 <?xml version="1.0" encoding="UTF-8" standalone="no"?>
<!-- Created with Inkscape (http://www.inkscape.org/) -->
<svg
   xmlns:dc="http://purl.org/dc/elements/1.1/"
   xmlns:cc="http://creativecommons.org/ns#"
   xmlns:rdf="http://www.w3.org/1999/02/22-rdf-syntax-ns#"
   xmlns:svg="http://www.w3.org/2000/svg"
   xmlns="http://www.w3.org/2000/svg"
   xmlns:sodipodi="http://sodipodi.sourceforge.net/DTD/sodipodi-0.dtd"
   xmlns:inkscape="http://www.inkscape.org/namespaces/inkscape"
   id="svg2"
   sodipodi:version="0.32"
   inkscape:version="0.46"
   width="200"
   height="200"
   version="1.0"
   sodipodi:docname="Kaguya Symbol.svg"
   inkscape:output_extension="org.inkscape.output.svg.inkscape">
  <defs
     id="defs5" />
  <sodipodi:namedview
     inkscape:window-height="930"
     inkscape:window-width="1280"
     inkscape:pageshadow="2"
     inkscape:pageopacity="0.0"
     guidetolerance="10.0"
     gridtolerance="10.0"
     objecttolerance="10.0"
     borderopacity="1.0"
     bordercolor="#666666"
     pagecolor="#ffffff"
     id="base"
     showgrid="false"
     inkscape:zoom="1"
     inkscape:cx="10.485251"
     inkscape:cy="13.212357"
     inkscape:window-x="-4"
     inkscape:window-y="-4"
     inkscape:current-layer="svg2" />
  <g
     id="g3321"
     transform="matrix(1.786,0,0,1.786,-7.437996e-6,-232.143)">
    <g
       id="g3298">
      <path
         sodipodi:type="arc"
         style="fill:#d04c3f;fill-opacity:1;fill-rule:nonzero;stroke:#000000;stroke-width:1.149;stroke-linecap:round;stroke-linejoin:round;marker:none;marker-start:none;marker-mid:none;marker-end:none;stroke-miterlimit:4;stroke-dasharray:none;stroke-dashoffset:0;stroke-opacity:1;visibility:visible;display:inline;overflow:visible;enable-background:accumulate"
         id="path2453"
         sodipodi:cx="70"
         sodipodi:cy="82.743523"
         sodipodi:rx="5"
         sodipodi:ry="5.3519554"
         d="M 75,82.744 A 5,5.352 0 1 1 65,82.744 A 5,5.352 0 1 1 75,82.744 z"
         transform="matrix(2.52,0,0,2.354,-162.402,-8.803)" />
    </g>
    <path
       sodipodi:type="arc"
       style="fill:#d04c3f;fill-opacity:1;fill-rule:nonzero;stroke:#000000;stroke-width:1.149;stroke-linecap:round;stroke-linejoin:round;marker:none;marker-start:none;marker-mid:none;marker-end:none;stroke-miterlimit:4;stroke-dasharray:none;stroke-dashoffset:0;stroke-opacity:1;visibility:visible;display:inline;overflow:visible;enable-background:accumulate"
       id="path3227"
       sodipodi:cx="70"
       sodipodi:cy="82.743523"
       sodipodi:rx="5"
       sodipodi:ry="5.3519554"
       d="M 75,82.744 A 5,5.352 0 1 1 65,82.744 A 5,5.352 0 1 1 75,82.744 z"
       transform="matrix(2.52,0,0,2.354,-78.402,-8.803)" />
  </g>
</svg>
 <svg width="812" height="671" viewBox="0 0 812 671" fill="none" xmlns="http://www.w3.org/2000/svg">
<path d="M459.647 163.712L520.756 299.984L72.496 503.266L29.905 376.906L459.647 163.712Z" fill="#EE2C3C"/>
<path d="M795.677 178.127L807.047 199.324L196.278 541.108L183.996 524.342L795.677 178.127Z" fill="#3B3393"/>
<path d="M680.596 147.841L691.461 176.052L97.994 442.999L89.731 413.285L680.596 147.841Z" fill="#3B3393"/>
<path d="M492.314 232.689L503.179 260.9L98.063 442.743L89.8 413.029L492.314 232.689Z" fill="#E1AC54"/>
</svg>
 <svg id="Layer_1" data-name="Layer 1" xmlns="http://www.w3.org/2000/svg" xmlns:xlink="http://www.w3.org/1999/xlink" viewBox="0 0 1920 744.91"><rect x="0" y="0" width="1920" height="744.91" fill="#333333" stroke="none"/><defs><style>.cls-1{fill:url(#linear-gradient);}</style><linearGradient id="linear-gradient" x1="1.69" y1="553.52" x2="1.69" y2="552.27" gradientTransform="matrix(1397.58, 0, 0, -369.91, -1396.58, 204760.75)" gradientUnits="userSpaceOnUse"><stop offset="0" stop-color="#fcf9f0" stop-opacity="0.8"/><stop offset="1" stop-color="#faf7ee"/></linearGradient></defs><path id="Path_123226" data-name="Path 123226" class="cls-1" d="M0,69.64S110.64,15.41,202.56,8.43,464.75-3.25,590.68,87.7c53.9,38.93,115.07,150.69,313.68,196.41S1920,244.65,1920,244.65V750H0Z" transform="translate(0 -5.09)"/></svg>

-- -- --

▶ **Assignment**: Among the lines above, please find those with "version" and copy them.

▶ **Response**:
 <?xml version="1.0" encoding="UTF-8" standalone="no"?>
   sodipodi:version="0.32"
   inkscape:version="0.46"
   version="1.0"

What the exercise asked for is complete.